Whoah that's funny, I'm holding 3 of the books right here and the copyright is under the pseudonym.

so the flashback-a-chapter rhythm is starting to wear on me. but she's maintaining a deep understanding of what it's like to grow up poor. starting to get curious about these underland books

reggie (qualmsley), Tuesday, 12 July 2011 12:36 (twelve years ago) link

so some spading reveals that handler isn't the author, and i'm kind of a chump. a handler friend/cohort (?) from WA named raphael simon is responsible

remy bean, Tuesday, 12 July 2011 13:31 (twelve years ago) link

Haha I wd have been even more of a chump if I didn't realize one of my old idols was writing for us!

'the forest of hands and teeth' looks pretty interesting. i'm curious how you rate 'st. lucy's home for girls raised by wolves'

reggie (qualmsley), Tuesday, 12 July 2011 15:45 (twelve years ago) link

I wrote it down on my list but never got around to it, tbh. Seems like something I'd like if it's not too McSweeney's-y. I've enjoyed what I've read from Kelly Link, seems like this is in the same category?

I never read that Forest of Hands and Teeth, btw, or even heard of it -- I just googled "young adult" and "zombies" iirc!

the karen russell short stories have nothing to do w/ ya fiction?

# (Lamp), Tuesday, 12 July 2011 15:57 (twelve years ago) link

depends on how you define it i guess

"Mr. Minotaur, could you kindly open this jar of love apples for us? Mr. Minotaur, when you have a moment, would you mind goring those wolves?"

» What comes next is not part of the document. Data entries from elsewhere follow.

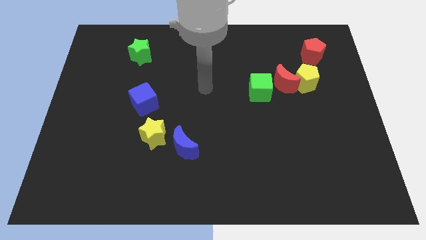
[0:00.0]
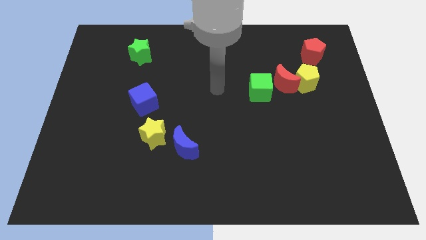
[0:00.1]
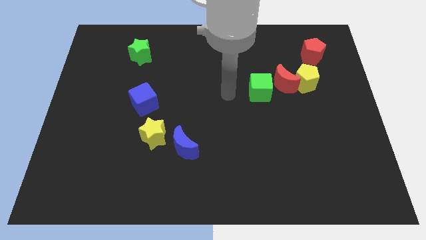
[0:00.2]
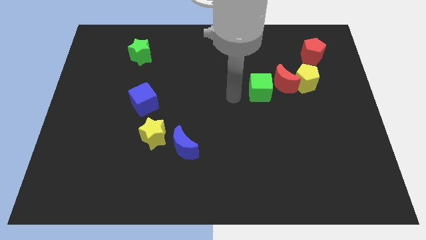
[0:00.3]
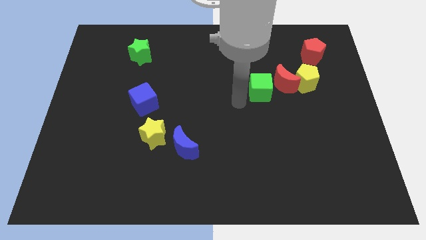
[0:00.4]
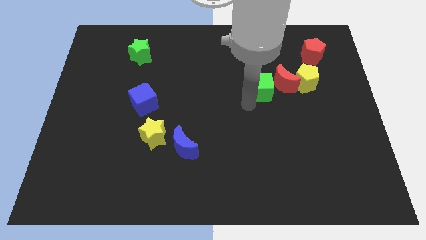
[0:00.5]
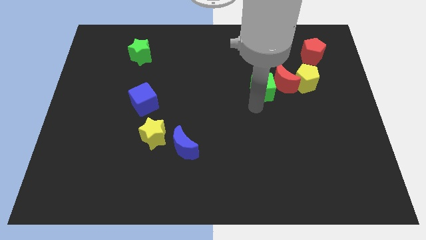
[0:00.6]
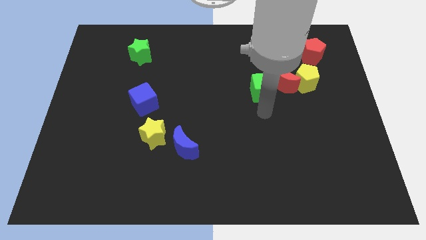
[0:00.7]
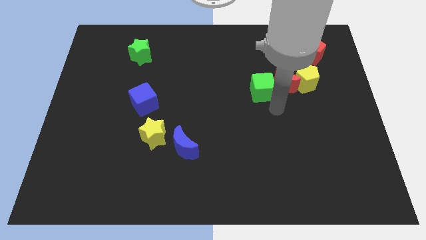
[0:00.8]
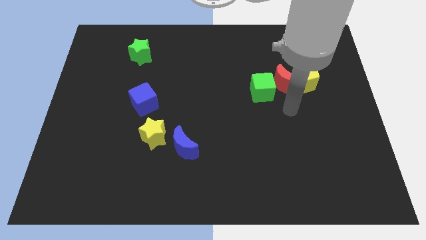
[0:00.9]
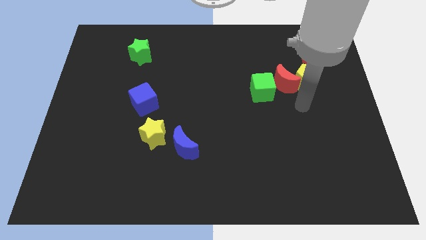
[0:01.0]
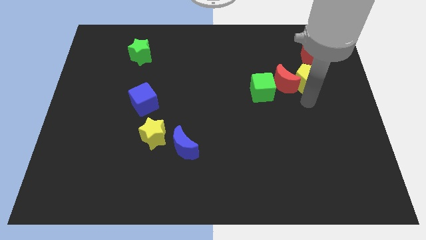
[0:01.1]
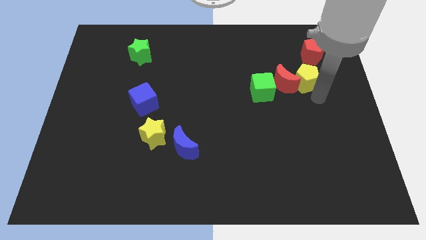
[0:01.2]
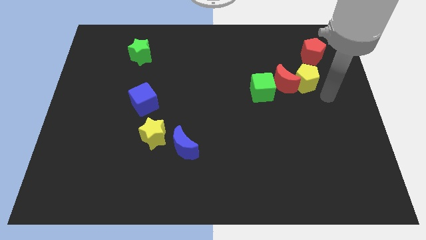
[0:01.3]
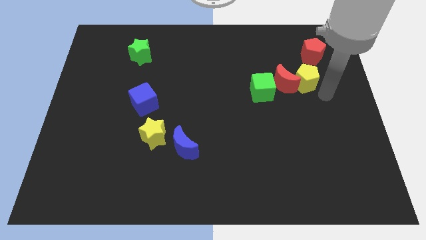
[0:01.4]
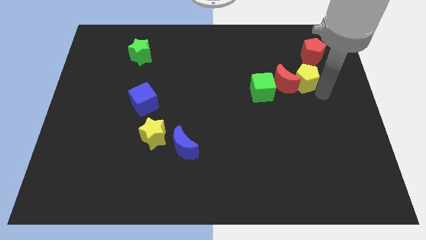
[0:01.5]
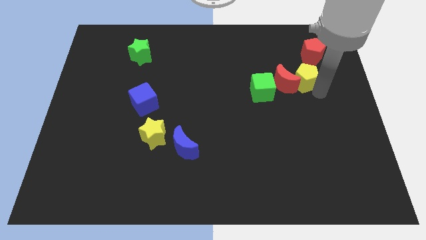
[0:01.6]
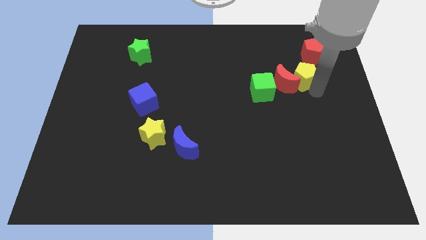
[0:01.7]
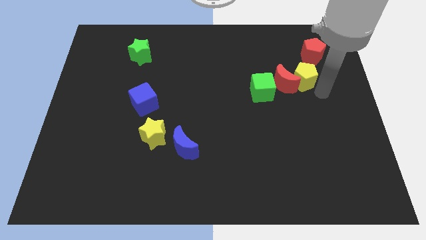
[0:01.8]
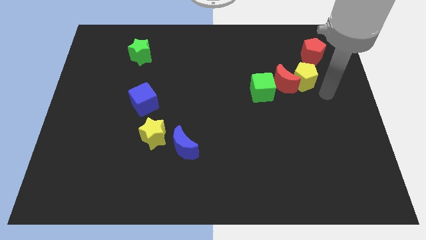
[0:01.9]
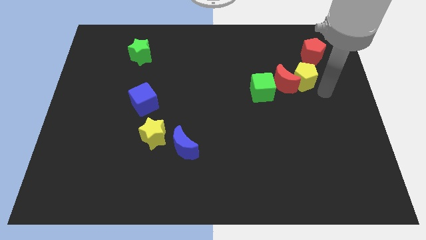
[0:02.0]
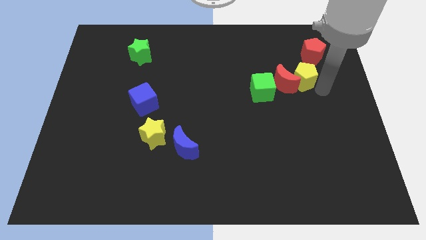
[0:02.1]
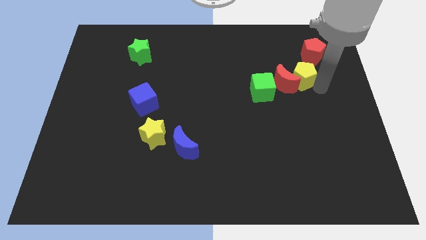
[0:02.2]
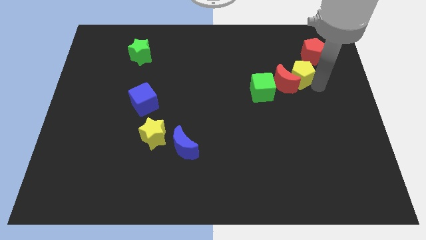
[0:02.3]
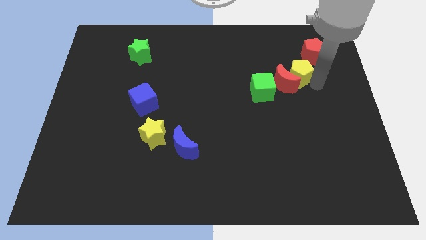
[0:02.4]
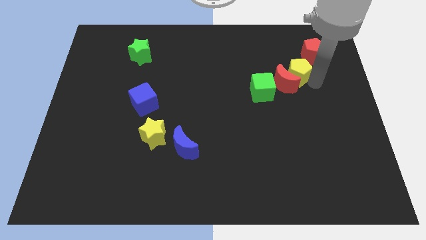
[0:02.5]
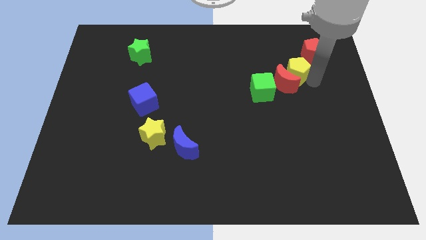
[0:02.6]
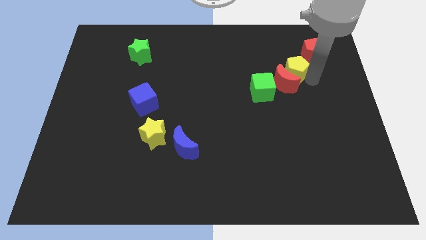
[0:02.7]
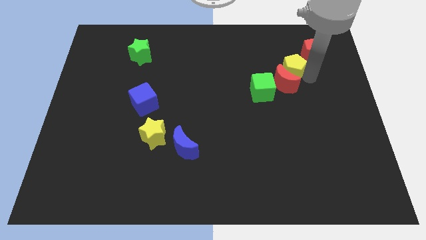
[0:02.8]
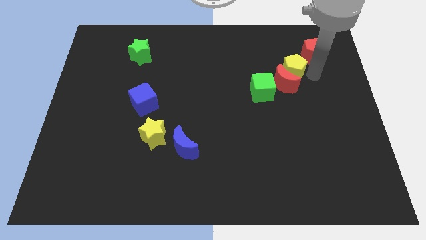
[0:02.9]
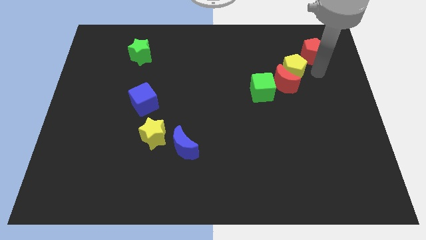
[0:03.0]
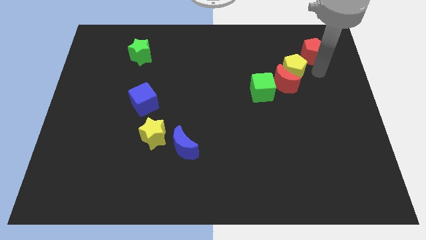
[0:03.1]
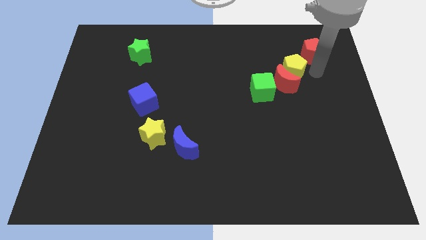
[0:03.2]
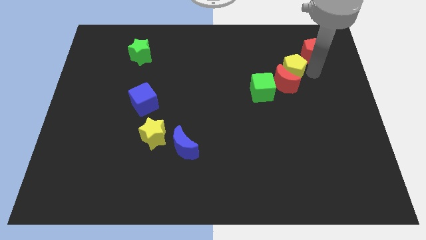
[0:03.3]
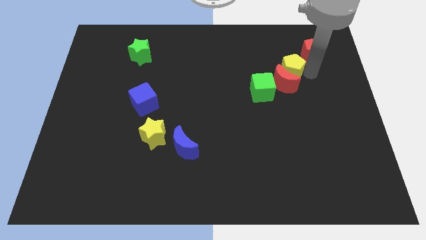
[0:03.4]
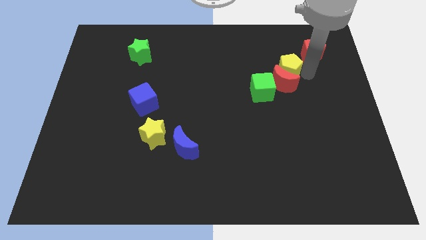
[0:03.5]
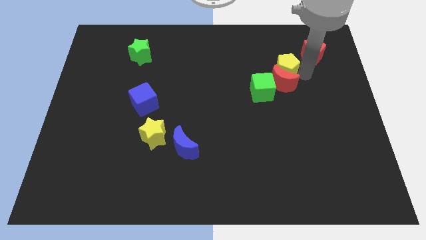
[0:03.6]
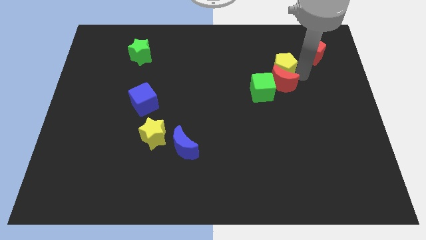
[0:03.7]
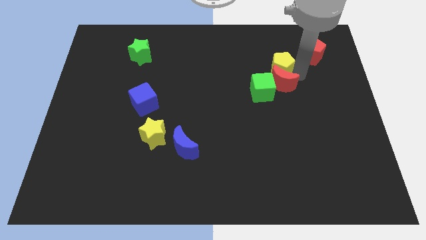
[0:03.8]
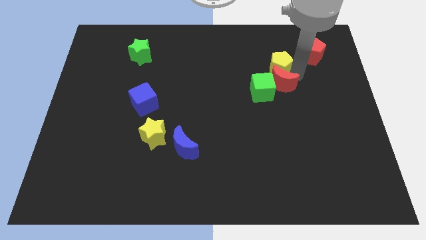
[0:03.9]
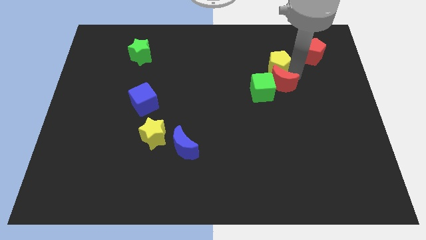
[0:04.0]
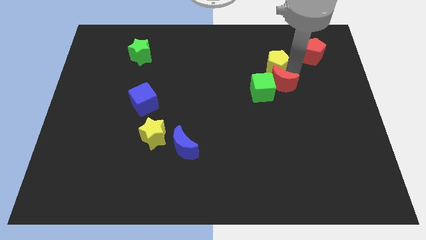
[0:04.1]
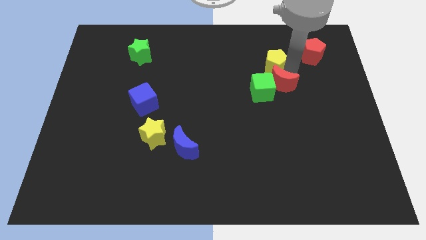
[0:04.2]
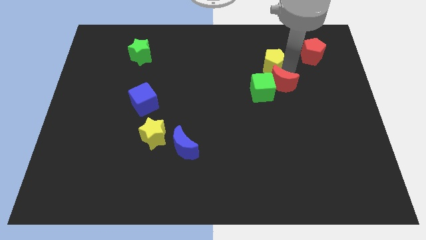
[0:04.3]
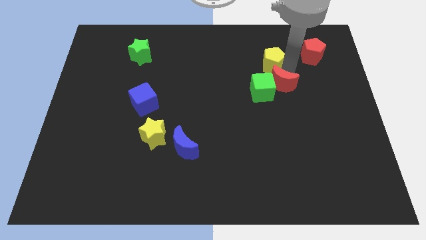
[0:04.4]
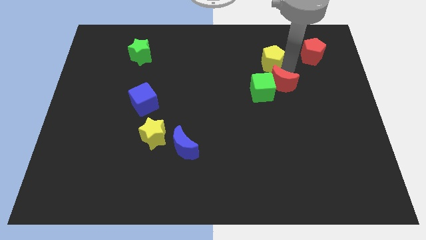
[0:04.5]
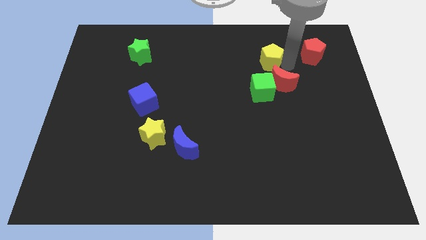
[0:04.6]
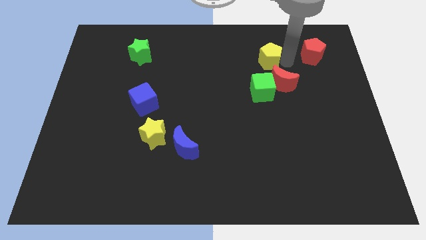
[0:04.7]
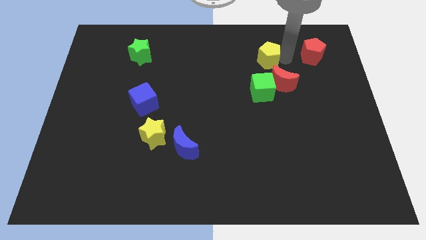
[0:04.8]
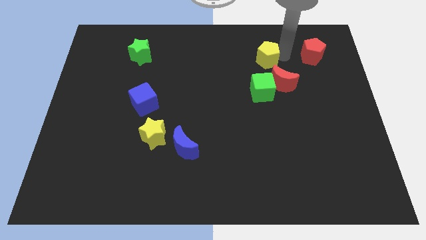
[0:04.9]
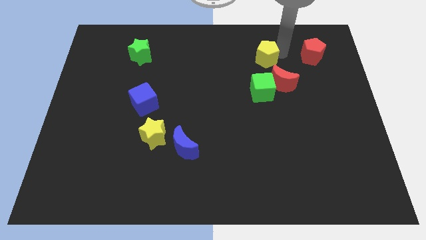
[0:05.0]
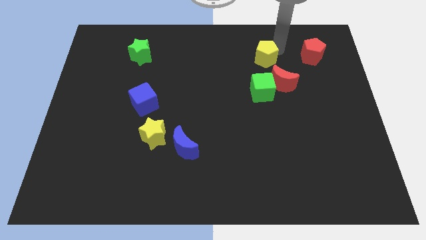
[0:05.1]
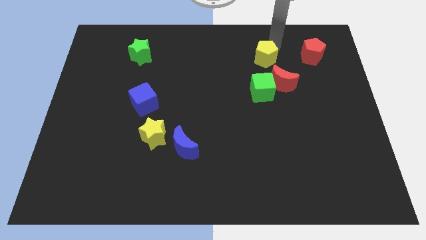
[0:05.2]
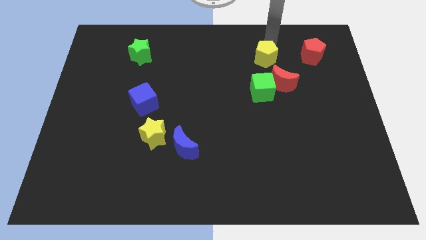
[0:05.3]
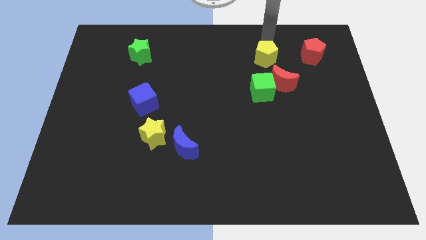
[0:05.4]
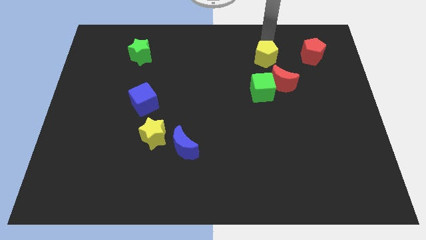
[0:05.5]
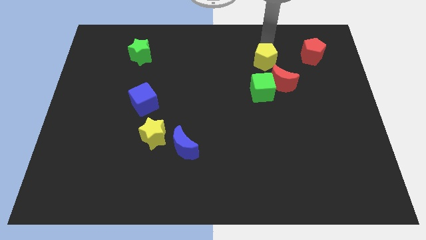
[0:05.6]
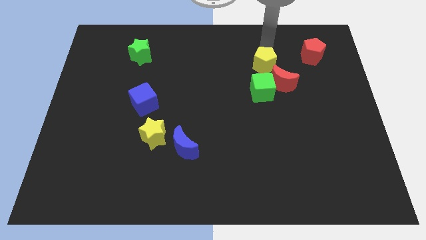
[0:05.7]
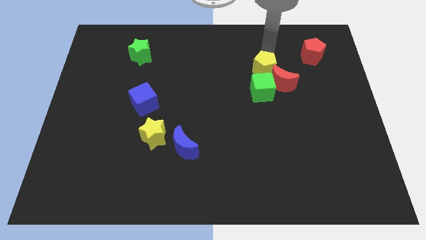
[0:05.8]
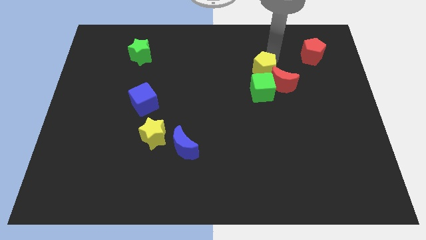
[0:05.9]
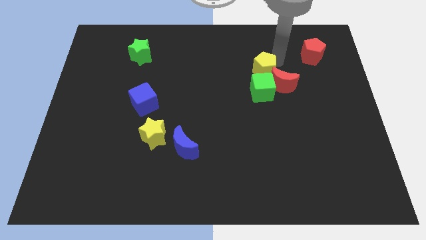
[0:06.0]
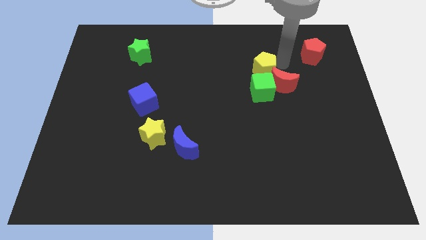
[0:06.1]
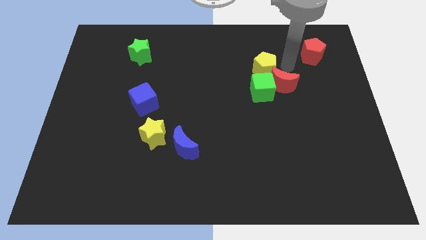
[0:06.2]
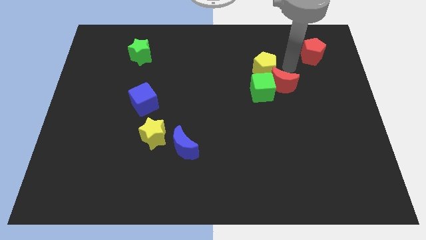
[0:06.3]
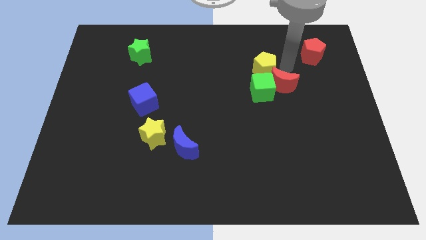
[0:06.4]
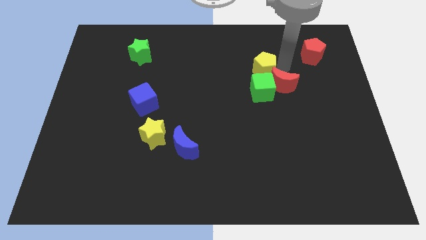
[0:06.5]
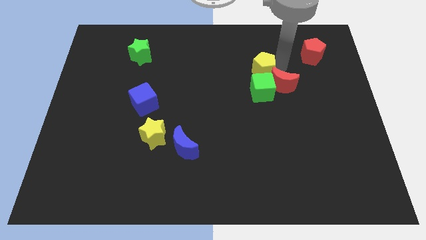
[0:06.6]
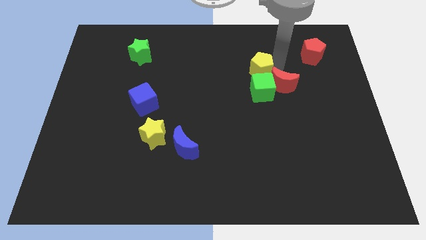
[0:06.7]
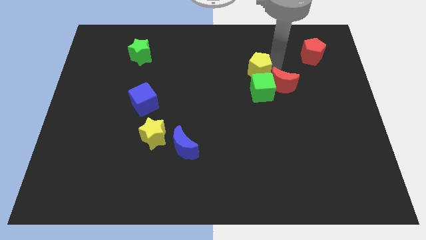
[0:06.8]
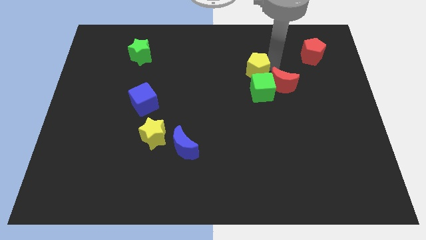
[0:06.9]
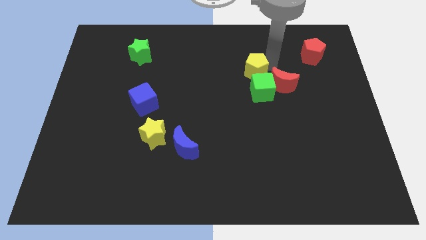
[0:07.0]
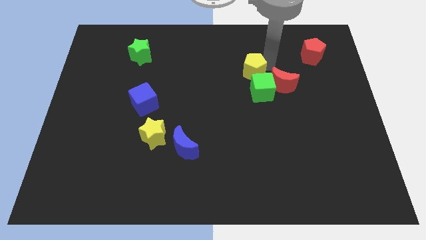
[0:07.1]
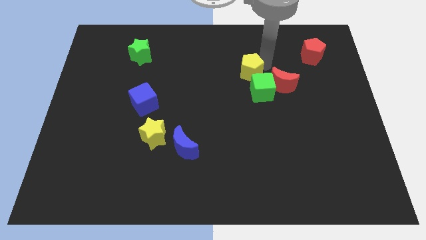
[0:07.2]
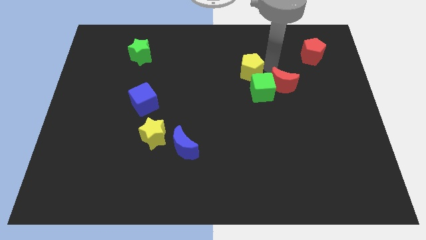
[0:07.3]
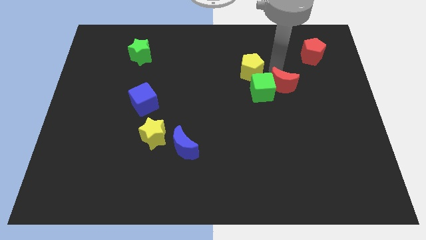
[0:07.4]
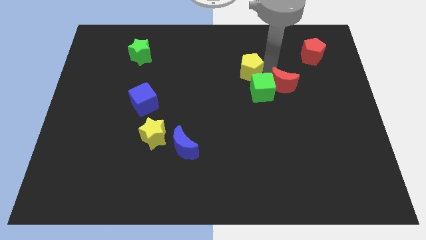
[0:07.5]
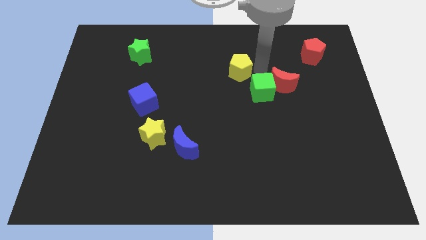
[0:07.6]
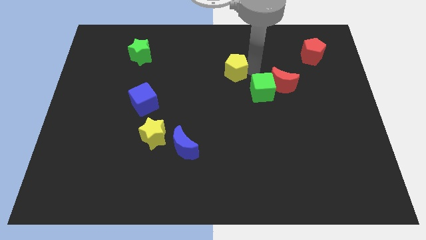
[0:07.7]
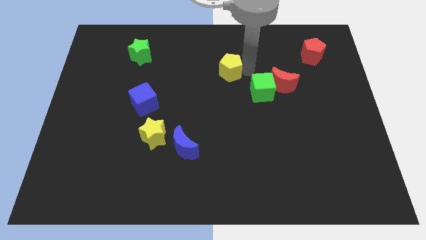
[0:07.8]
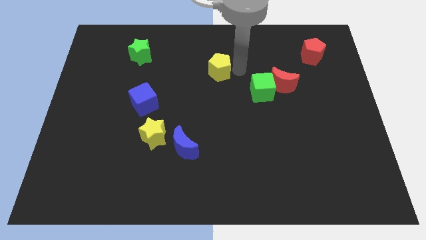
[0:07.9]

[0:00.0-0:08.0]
slide the yellow pentagon left

but i'd define george saunders that way too, and flann o'brien. kids read wicked shit too

reggie (qualmsley), Tuesday, 12 July 2011 16:08 (twelve years ago) link

Oh sorry, I thought he was asking because they were cross-marketed or sort of "for girls of all ages" or something. Like that McSweeney's collection for kids. Uhh... Noisy Outlaws, Unfriendly Blobs, and Some Other Things That Aren't as Scary, Maybe, Depending on How You Feel About Lost Lands, Stray Cellphones, Creatures from the Sky, Parents Who Disappear in Peru, a Man Named Lars Farf, and One Other Story We Couldn't Quite Finish, So Maybe You Could Help Us Out - WITH AN INTRODUCTION BY LEMONY SNICKET

never heard of that. don't read much mcsweeney's

i was asking because it's next on a y/a recommendation list after 'the hunger games' a friend gave me

reggie (qualmsley), Tuesday, 12 July 2011 16:14 (twelve years ago) link

i think forest ov hands & teeth looks interesting too, if i get around to the rest of this reading list i'm constructing myself, i don't know, i'll put that on it i guess. i feel like having a binge on straightforward, like, stories and shit.

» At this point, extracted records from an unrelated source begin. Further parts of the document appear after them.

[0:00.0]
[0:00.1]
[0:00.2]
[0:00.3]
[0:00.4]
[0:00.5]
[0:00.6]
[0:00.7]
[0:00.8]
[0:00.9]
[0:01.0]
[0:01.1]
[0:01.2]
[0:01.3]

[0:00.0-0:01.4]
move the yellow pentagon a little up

thomp, Tuesday, 12 July 2011 16:19 (twelve years ago) link

my objection is that these books are just ... easy fiction, kind of pandering 'boy stuff' w/ lots of graphic violence that milks video games and episodic TV for ideas and is otherwise woefully ignorant of the larger literary tradition or canon. it is written in present tense and basically free of any device or craft beyond basic storytelling aptitude. it perpetuates the same limerence-drenched soap-opera shit that's saturated YA for the past half-decade, and does a lot of the ham-fisted world-building that passes for 'imaginative' and refuses to allow the reader to experience wonder, confusion, or ambiguity.

Remy, I tried reading the first book in this series and did not finish it due to the reasons you have listed above. I found it to be astonishingly poor writing, the acclaim this series received is baffling to me.

online pinata store (Nicole), Tuesday, 12 July 2011 16:28 (twelve years ago) link

Betrayal. That's the first thing I feel, which is ludicrous. For there to be betrayal, there would have to have been trust first. Between Peeta and me. And trust has not been part of the agreement. We're tributes. But the boy who risked a beating to give me bread, the one who steadied me in the chariot, who covered for me with the redheaded Avox girl, who insisted Haymitch know my hunting skills . . . was there some part of me that couldn't help trusting him?

On the other hand, I'm relieved that we can stop the pretense of being friends. Obviously, whatever thin connection we'd foolishly formed has been severed. And high time, too. The Games begin in two days, and trust will only be a weakness. Whatever triggered Peeta's decision -- and I suspect it had to do with my outperforming him in training -- I should be nothing but grateful for it. Maybe he's finally accepted the fact that the sooner we openly acknowledge that we are enemies, the better.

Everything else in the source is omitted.